[PROBLEM REQUIREMENTS] Search the entries below. Return every line that has "where" in it.

(Stored data)
---+---
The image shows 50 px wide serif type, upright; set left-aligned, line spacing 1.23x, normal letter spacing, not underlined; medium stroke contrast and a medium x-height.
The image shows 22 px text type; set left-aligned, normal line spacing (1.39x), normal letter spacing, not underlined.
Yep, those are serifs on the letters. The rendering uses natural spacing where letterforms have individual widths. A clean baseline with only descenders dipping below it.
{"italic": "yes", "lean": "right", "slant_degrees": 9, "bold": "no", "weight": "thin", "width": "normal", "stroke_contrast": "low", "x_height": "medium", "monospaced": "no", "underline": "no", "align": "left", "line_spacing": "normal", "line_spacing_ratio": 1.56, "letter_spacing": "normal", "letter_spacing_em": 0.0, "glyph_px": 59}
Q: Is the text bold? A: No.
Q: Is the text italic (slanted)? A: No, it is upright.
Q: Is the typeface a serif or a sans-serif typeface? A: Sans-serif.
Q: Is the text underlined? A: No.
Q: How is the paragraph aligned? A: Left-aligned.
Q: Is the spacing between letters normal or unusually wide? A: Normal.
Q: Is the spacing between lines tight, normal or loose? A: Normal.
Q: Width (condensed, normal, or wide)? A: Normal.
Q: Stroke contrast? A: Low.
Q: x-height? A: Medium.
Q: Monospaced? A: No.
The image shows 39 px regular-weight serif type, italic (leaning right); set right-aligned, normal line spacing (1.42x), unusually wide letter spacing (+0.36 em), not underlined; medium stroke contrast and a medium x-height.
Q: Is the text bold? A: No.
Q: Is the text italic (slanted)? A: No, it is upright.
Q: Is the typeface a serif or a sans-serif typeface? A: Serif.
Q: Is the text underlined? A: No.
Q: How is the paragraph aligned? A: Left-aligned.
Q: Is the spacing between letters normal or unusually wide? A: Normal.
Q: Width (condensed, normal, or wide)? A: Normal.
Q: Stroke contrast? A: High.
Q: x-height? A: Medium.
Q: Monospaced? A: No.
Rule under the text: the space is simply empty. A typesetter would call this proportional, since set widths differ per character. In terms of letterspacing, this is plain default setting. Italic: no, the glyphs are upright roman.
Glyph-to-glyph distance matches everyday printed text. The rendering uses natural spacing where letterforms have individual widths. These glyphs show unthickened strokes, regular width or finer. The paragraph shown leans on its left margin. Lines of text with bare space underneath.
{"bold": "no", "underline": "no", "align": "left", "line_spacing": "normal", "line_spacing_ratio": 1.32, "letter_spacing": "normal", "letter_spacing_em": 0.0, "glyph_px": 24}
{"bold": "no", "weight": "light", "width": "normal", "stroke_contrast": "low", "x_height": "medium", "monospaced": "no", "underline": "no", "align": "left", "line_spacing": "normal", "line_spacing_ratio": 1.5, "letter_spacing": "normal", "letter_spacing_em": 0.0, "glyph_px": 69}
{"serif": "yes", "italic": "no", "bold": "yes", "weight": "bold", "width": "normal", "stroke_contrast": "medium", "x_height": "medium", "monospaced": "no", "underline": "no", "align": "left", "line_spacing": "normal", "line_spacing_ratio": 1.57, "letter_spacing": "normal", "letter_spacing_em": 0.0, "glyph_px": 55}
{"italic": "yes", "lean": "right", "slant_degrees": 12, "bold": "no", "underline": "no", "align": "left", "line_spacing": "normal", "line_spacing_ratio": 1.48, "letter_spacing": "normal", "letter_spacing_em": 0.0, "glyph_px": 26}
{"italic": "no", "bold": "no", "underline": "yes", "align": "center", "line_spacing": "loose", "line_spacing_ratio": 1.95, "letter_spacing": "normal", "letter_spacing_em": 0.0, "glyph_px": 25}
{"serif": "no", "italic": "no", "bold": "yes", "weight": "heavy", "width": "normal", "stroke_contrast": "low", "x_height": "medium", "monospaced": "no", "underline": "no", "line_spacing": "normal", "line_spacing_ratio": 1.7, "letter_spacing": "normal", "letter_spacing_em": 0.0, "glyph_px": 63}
---+---
[EXERCISE RESPONSE]
Yep, those are serifs on the letters. The rendering uses natural spacing where letterforms have individual widths. A clean baseline with only descenders dipping below it.
Glyph-to-glyph distance matches everyday printed text. The rendering uses natural spacing where letterforms have individual widths. These glyphs show unthickened strokes, regular width or finer. The paragraph shown leans on its left margin. Lines of text with bare space underneath.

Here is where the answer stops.